The repentance we well may attempt is a family repentance; the regeneration we need is a regeneration of the family. The Welfare State is a great thing; but the welfare family (in an even higher sense of the word " welfare ") is its necessary basis —a basis which the weight of the superstructure of the Welfare State, now built upon it, must not be allowed to weaken. Individual development, too, is a great thing; but the develop- ment of the family is its necessary home and condition. There is much in modern life that militates against the family : all the new ease of transport, carrying men here and-there away from the family hearth, all the multiplication of external personal contacts, all the increase (in cinemas and elsewhere) of extra- family amusements. All these may be complements to the family; none of them is a substitute for it. In a turbulent age such as that we live in every man has to collect himself, to hold himself together, to keep the core of himself free from frittery and dissipation. The family is the general centre in which that can be done. The quiet life of the family is the necessary con- dition of that general self-possession, that general holding of the self together, which is the condition of any sure self- development.
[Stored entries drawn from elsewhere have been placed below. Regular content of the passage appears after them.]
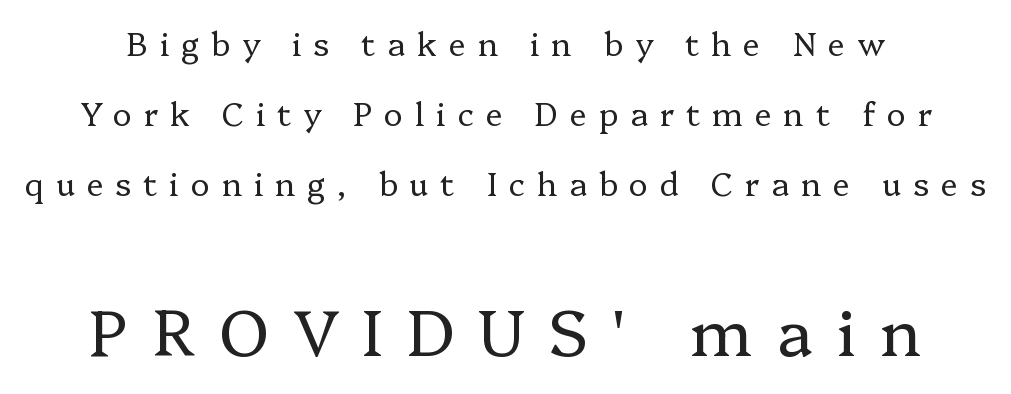
The face used here appears at its bigger size in the lower chunk. You can tell it's not italic because the verticals are truly vertical. Weight: not bold — regular or lighter. The block of text is sparse from top to bottom, with ample space between rows. Each word looks stretched out because of the extra space between its letters.
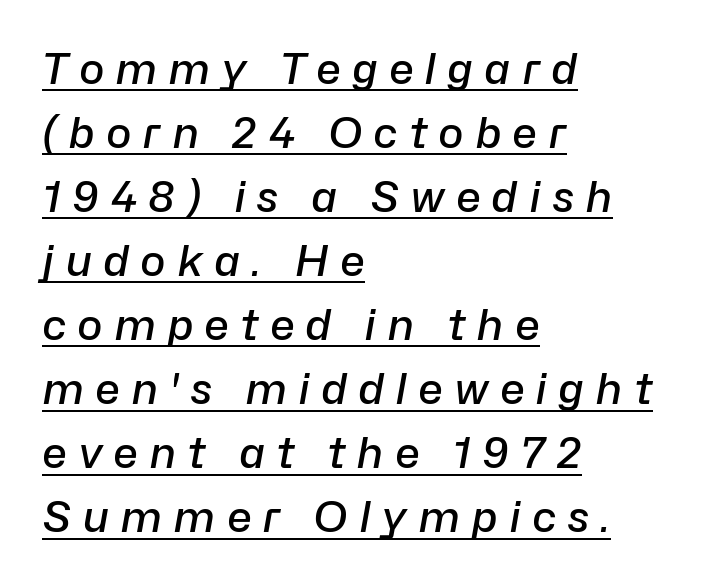
{"italic": "yes", "lean": "right", "slant_degrees": 10, "bold": "semi", "weight": "semibold", "width": "normal", "stroke_contrast": "low", "x_height": "medium", "monospaced": "no", "underline": "yes", "align": "left", "line_spacing": "normal", "line_spacing_ratio": 1.49, "letter_spacing": "wide", "letter_spacing_em": 0.25, "glyph_px": 43}
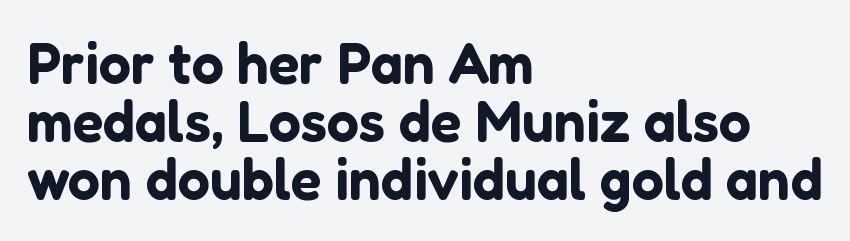
Q: Is the text italic (slanted)? A: No, it is upright.
Q: Is the typeface a serif or a sans-serif typeface? A: Sans-serif.
Q: Is the text underlined? A: No.
Q: How is the paragraph aligned? A: Left-aligned.
Q: Is the spacing between letters normal or unusually wide? A: Normal.
Q: Is the spacing between lines tight, normal or loose? A: Tight.
Q: Width (condensed, normal, or wide)? A: Normal.
Q: Stroke contrast? A: Low.
Q: x-height? A: Medium.
Q: Monospaced? A: No.
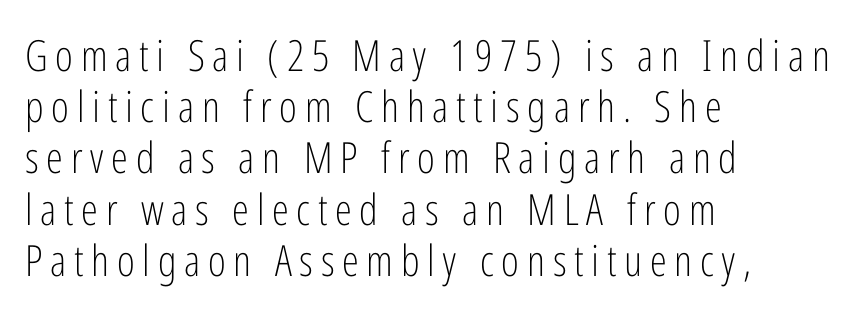
{"serif": "no", "italic": "no", "bold": "no", "weight": "light", "width": "condensed", "stroke_contrast": "low", "x_height": "medium", "monospaced": "no", "underline": "no", "align": "left", "line_spacing_ratio": 1.19, "glyph_px": 43}
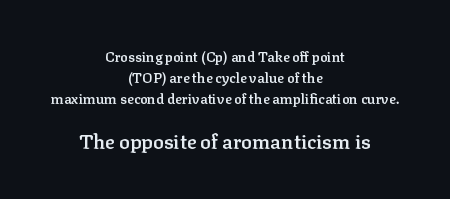
{"italic": "no", "bold": "semi", "underline": "no", "align": "center", "line_spacing": "normal", "line_spacing_ratio": 1.5, "letter_spacing": "normal", "letter_spacing_em": 0.0, "larger_block": "second", "size_ratio": 1.43, "glyph_px": 20}
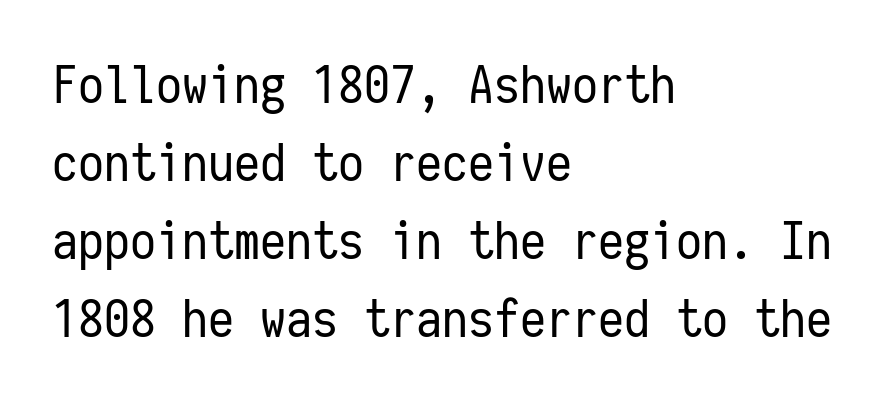
The letters march in equal steps, a hallmark of fixed-pitch type. This sample uses a sans-serif face. A normal amount of white space separates one row of letters from the next. A typesetter would mark this as roman, not italic. Line starts are locked; line ends wander.
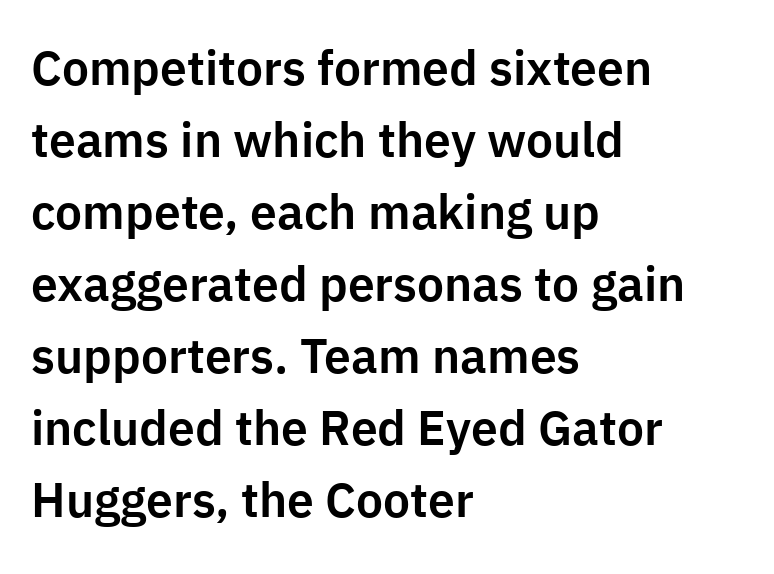
The image shows 48 px sans-serif type, upright; set left-aligned, normal line spacing (1.5x), normal letter spacing, not underlined; low stroke contrast and a medium x-height.
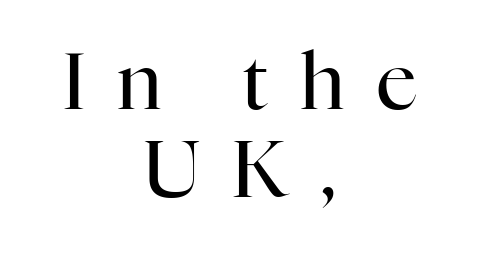
Layout note: lines centered. Letters rest on an invisible, unmarked baseline. Vertically, the passage feels compressed, each row crowding the next. The letterforms stand isolated, each surrounded by extra space. Is this a heavy cut? Hardly; it is regular or lighter. Is this a fixed-width face? No — the glyphs have proportional, varying widths.
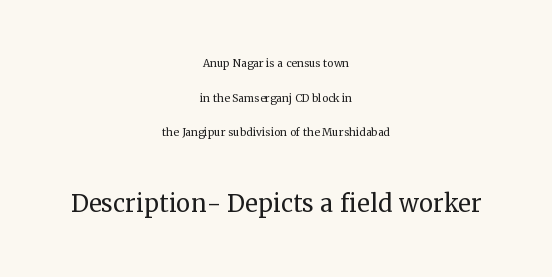
Proportional: the letters do not fall into vertical columns. The typesetting does not lean heavy: it is not bold. Is the block centered? Yes — each line is placed symmetrically about the middle. Each letter's strokes conclude with small projecting serifs. Size hierarchy here favors the trailing block over the leading one.
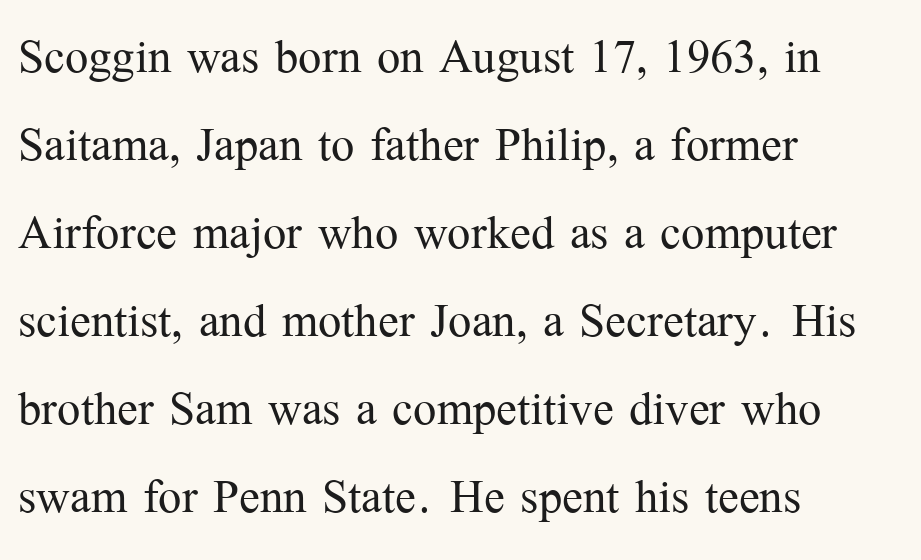
Stroke terminals: seriffed. Horizontally, the lines are justified to the leading edge only. The passage shown is not underscored anywhere. The horizontal fit of the characters is conventional and even.
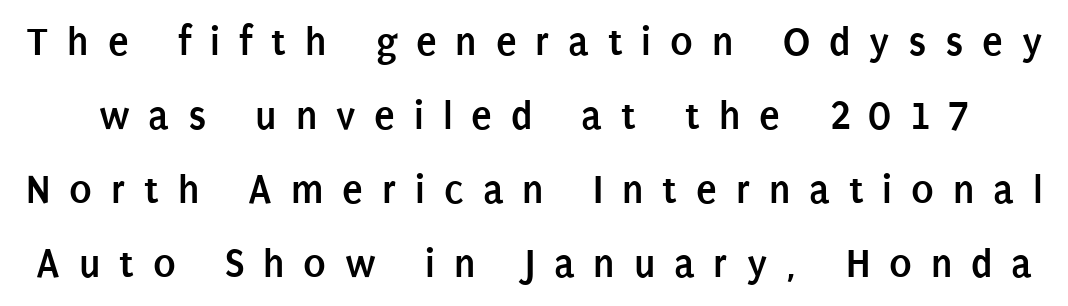
{"serif": "no", "italic": "no", "bold": "yes", "weight": "semibold", "width": "condensed", "stroke_contrast": "low", "x_height": "large", "monospaced": "no", "underline": "no", "line_spacing_ratio": 1.76, "letter_spacing": "wide", "letter_spacing_em": 0.45, "glyph_px": 42}
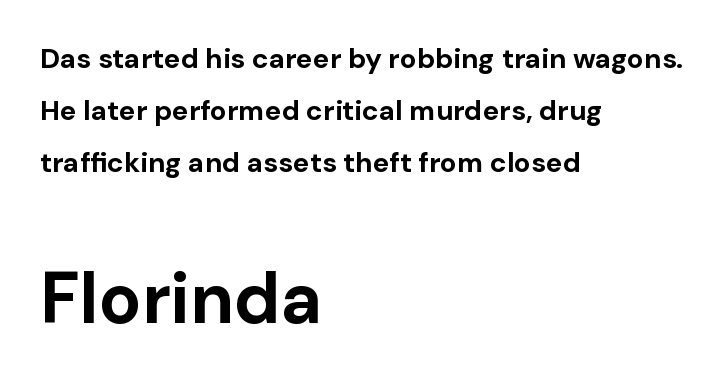
{"serif": "no", "italic": "no", "bold": "yes", "weight": "bold", "width": "normal", "stroke_contrast": "low", "x_height": "medium", "monospaced": "no", "underline": "no", "align": "left", "line_spacing_ratio": 1.85, "letter_spacing": "normal", "letter_spacing_em": 0.0, "larger_block": "second", "size_ratio": 2.54, "glyph_px": 71}
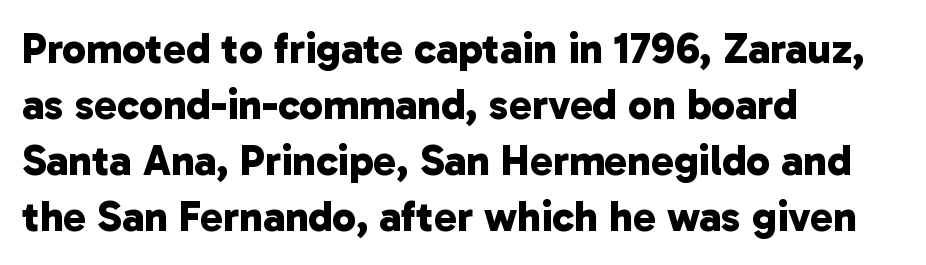
The image shows 43 px bold sans-serif type; set left-aligned, normal line spacing (1.3x), normal letter spacing, not underlined; low stroke contrast and a medium x-height.
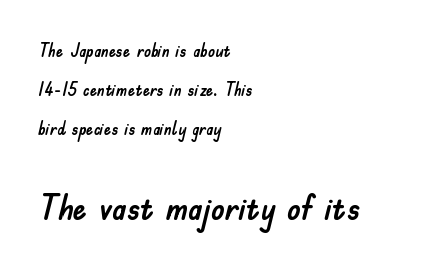
The image shows 35 px sans-serif type; set left-aligned, loose line spacing (2.18x), normal letter spacing, not underlined; the second (bottom) block is 1.94x larger; low stroke contrast and a small x-height.

I cannot but feel that the writers of this generation, the poets and the novelists, have a responsibility in this matter. They may say that they mirror nature, and that they must hold the mirror up to it. I reply by putting the contrary proposition, and by saying that by their writings, and by the pictures which they draw, they affect nature, human nature, and affect it for good and ill, by making it mirror and imitate some pattern in their own minds. If nature makes art, it is also true that art makes nature. It is an old lesson of Plato that literature (particularly, he thought, dramatic literature) affects life and conduct. Shelley, at the end of his Defence of Poetry, claimed thai " poets are the unacknowledged legislators of the world." I feel myself that our poets today, with their hollow men and waste lands, are dubious legislators. (How Shakespeare would have laughed at the hollow men, and Wordsworth frowned upon the waste lands !) I feel too that many of our novelists are, and have been for decades, equally, or even more, dubious. I sigh for a Robert Browning; I sigh for a new George Eliot or a new George Meredith. I would bid all our imaginative writers sit down and take stock and think in this mid-century, on the accession of a new Queen Elizabeth. Let them make an imaginative world—as Shakespeare did, and as Scott did, and as Charles Dickens did—that lifts up the heart like great music. That is their mission: not to "psychologise," or to "peep and botanise" on any grave they can find, but to give to the spirit of man, as Francis Bacon wrote, " Some shadow of satisfaction ... in those points wherein the nature of things doth deny it, the World being in proportion inferior to the soul." There is a world of real values which is more real than " real life," and it is the duty of all " unacknowledged legislators" to rise up into that world, and to carry their readers with them.